→ **WHAT YOU NEED TO DO**
Your answer must be the records below, given again exactly, with no pictures in it.
--- DATA FOR THIS TASK Enclosed Below ---
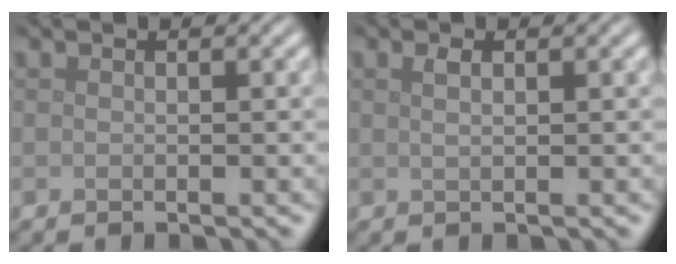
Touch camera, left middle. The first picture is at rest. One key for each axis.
{"total": 1.0, "fx": 0.5, "fy": 0.3, "fz": 0.8, "tx": -0.017, "ty": 0.002, "tz": 0.009}
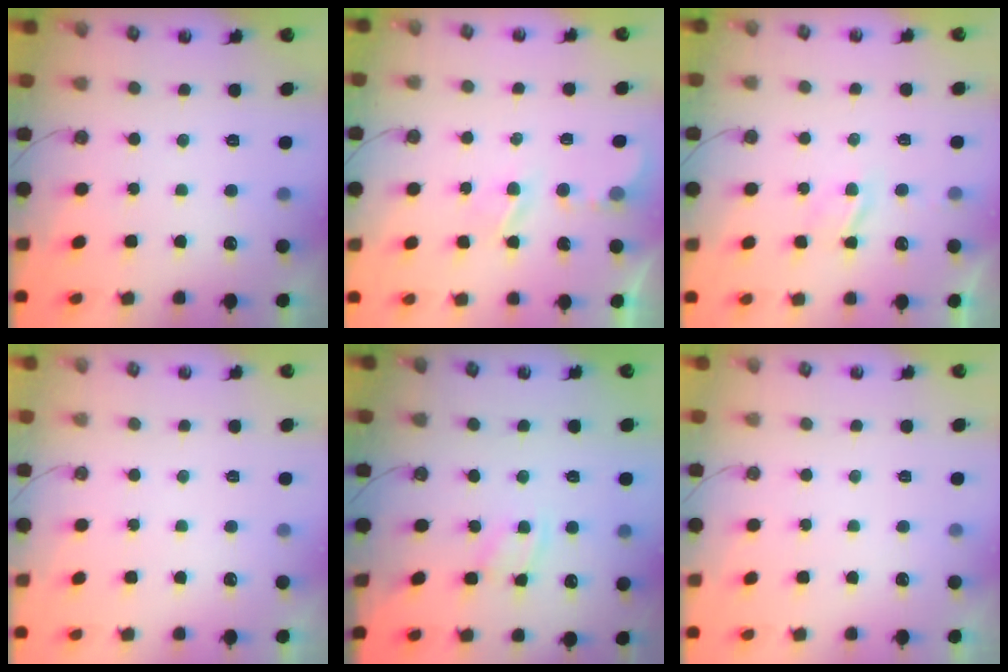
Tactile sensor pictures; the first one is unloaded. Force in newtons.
{"total": 3.2, "press": 3.2, "slide": 0.4}
{"total": 3.9, "press": 3.9, "slide": 0.6}
{"total": 0.0}
{"total": 3.9, "press": 3.8, "slide": 0.5}
{"total": 0.0}
--- End of Enclosed DATA FOR THIS TASK ---
→ **OUTPUT FOR THIS EXERCISE**
Touch camera, left middle. The first picture is at rest. One key for each axis.
{"total": 1.0, "fx": 0.5, "fy": 0.3, "fz": 0.8, "tx": -0.017, "ty": 0.002, "tz": 0.009}
Tactile sensor pictures; the first one is unloaded. Force in newtons.
{"total": 3.2, "press": 3.2, "slide": 0.4}
{"total": 3.9, "press": 3.9, "slide": 0.6}
{"total": 0.0}
{"total": 3.9, "press": 3.8, "slide": 0.5}
{"total": 0.0}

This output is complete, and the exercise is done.